━━ Records shown ━━

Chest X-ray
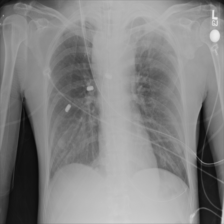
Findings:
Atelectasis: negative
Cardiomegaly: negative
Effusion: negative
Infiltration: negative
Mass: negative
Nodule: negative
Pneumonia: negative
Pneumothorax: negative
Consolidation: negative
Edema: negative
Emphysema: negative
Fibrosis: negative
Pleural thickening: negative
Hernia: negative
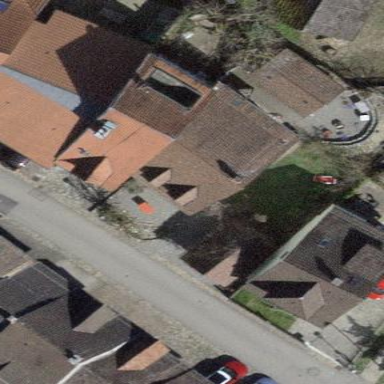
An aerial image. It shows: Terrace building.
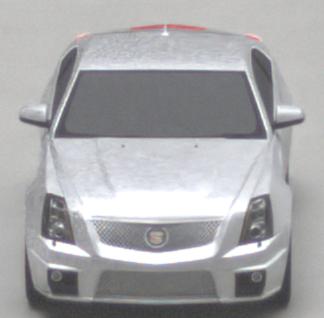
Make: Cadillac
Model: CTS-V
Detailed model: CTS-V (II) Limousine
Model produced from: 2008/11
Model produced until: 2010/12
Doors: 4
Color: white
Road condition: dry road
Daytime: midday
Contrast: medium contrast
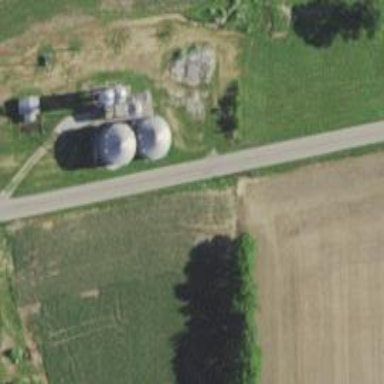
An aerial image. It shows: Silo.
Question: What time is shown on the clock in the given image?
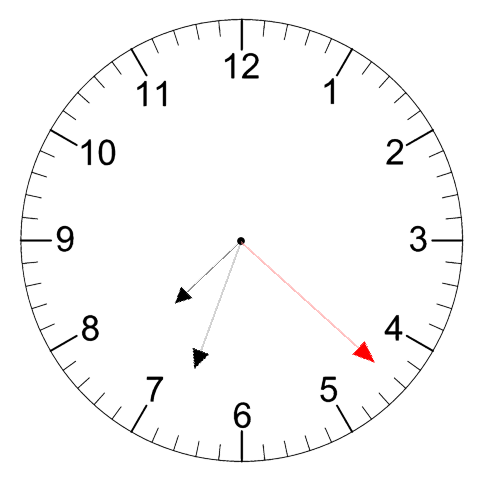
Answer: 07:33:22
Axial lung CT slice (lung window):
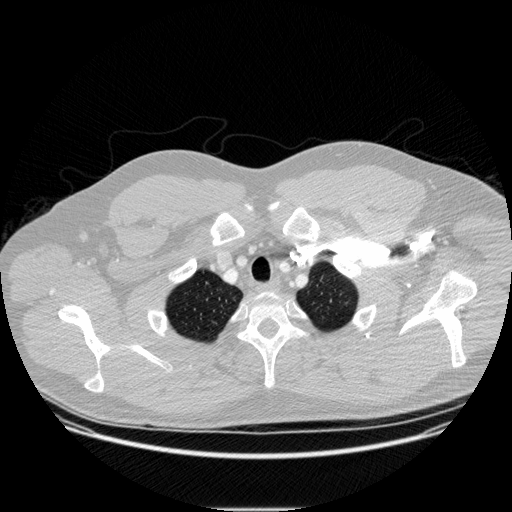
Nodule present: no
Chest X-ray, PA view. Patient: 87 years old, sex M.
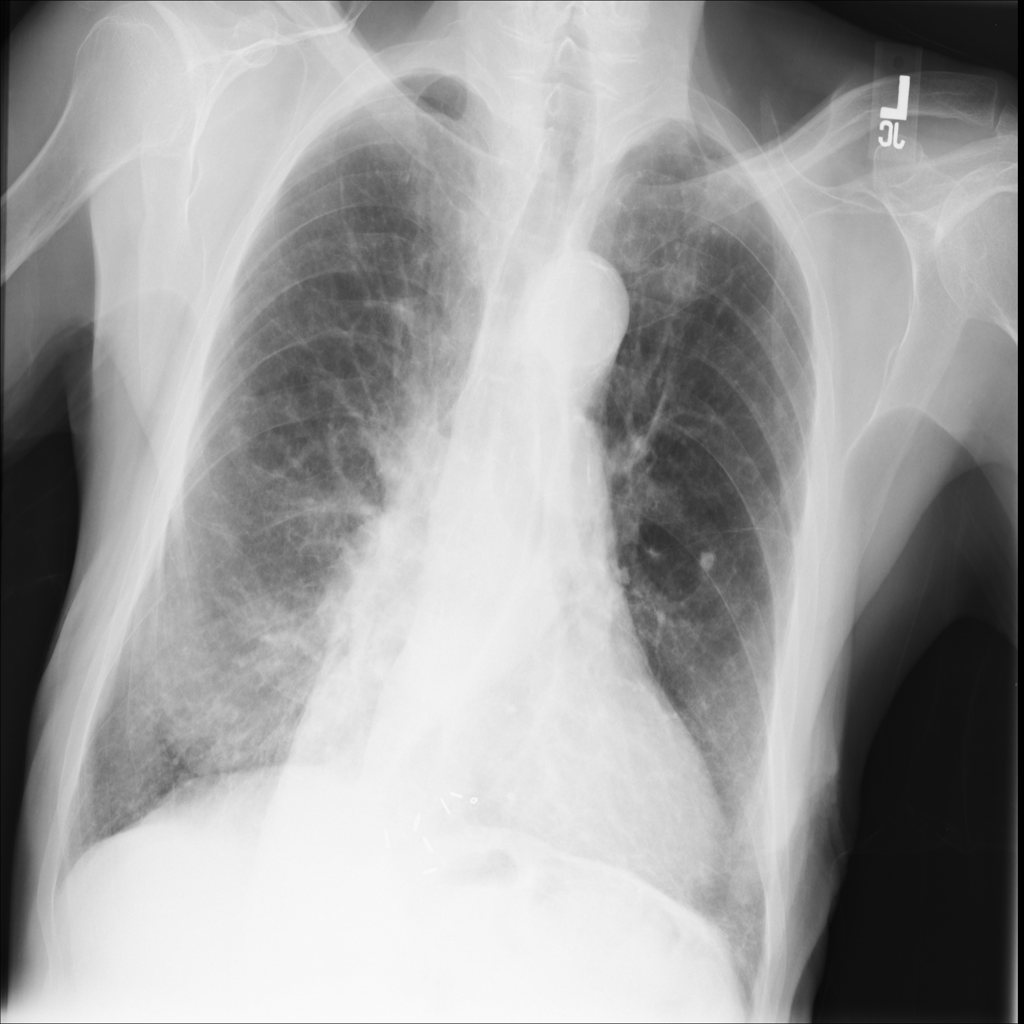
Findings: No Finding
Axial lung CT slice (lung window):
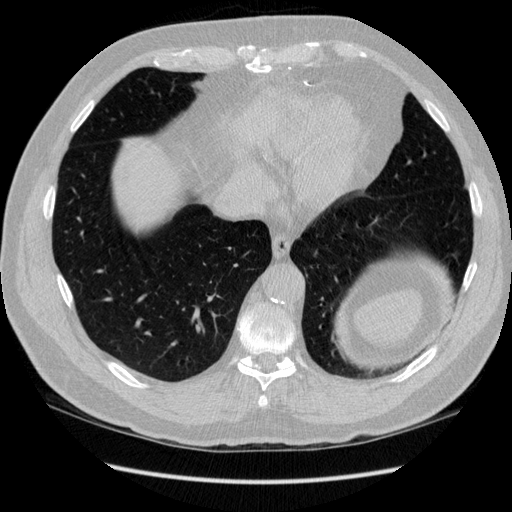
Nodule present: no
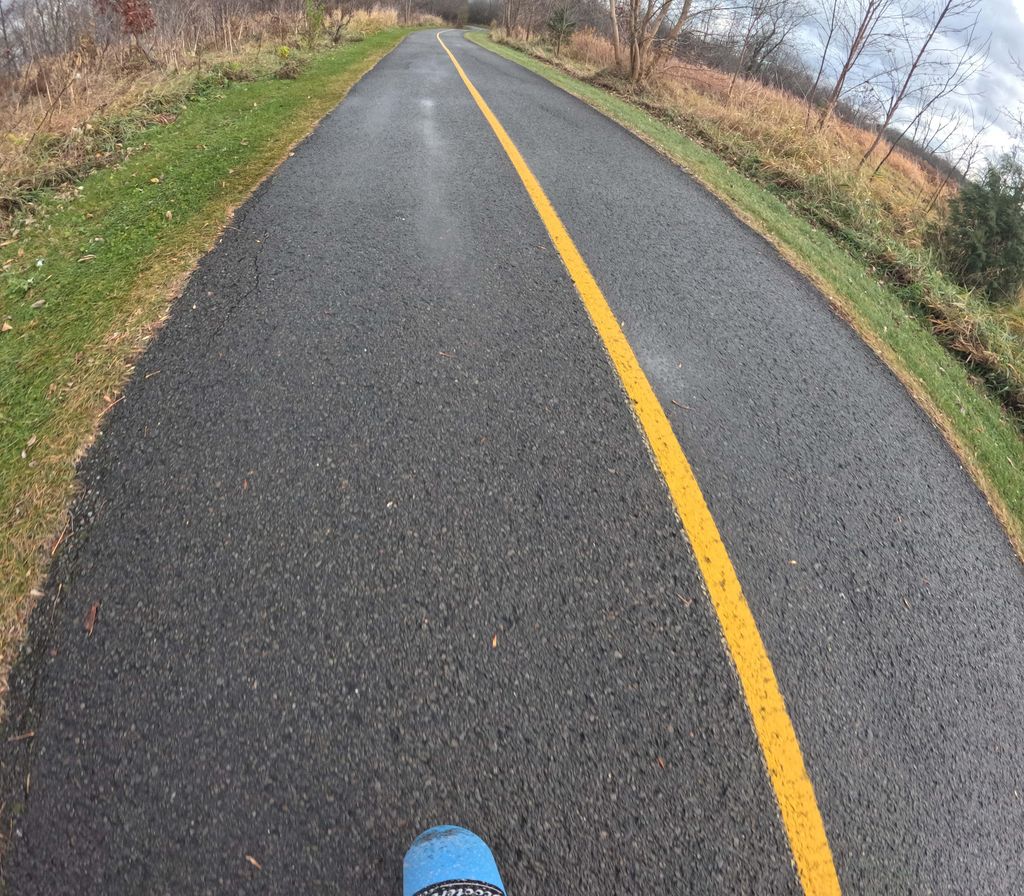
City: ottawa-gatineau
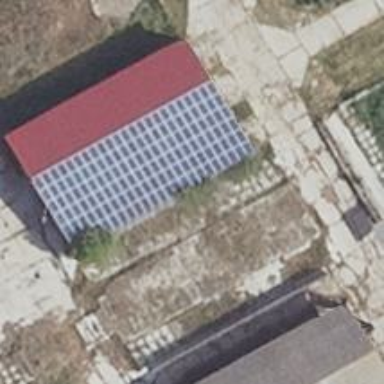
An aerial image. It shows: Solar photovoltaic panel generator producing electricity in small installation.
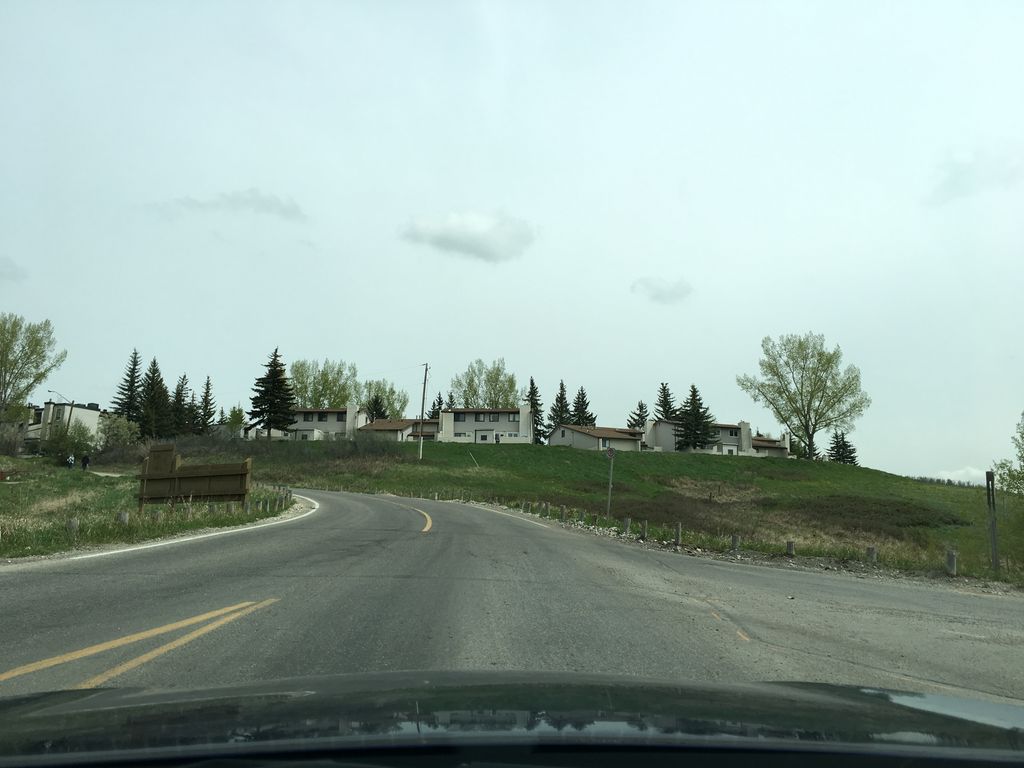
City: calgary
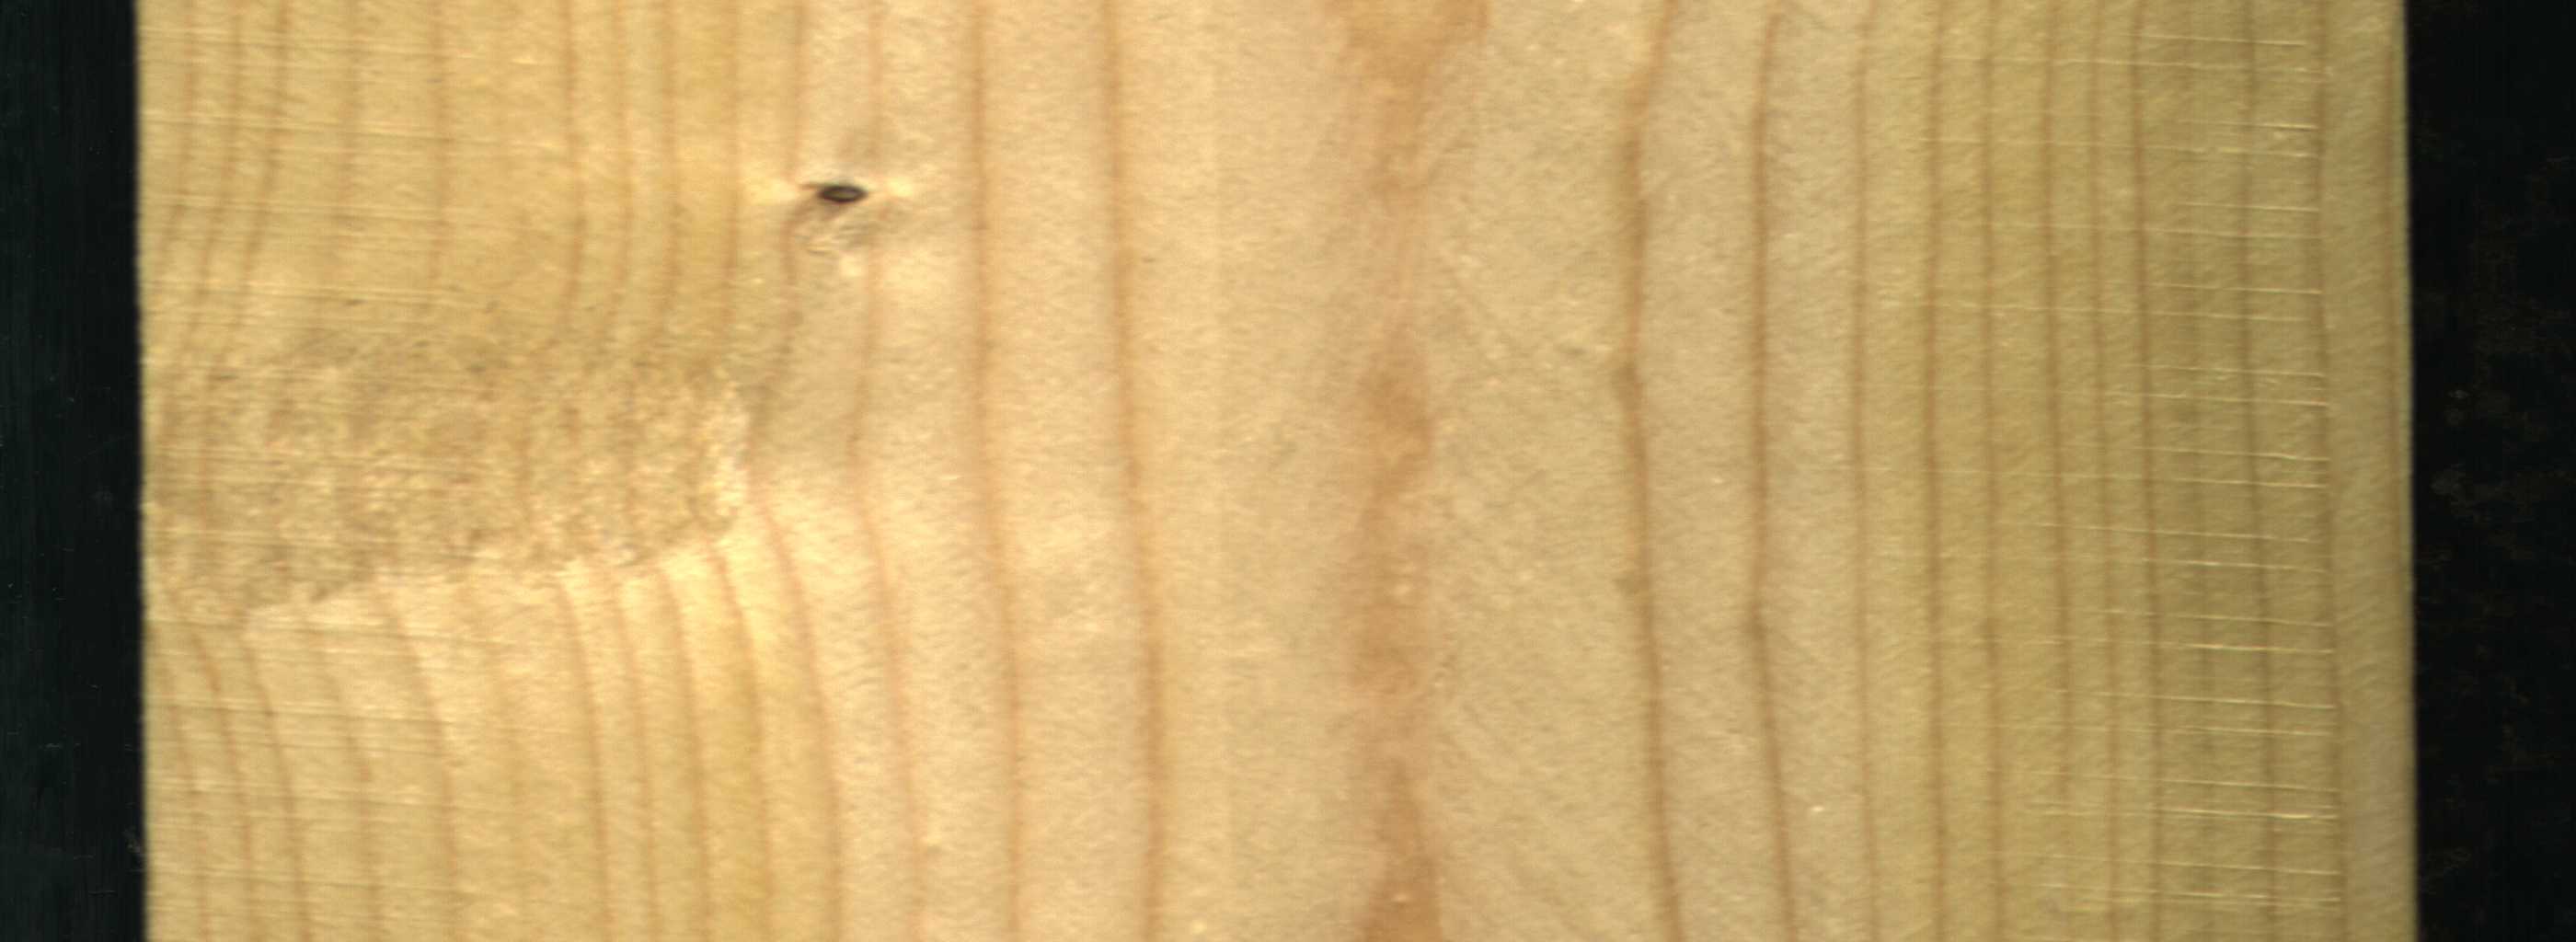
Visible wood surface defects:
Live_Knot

━━━

## What to work on
Beginning with the line where "Chest X-ray, PA" appears, restate word for word every line down to the last one in the data, but keep the pictures out.

## Response to this exercise
Chest X-ray, PA view. Patient: 87 years old, sex M.
Findings: No Finding
Axial lung CT slice (lung window):
Nodule present: no
City: ottawa-gatineau
An aerial image. It shows: Solar photovoltaic panel generator producing electricity in small installation.
City: calgary
Visible wood surface defects:
Live_Knot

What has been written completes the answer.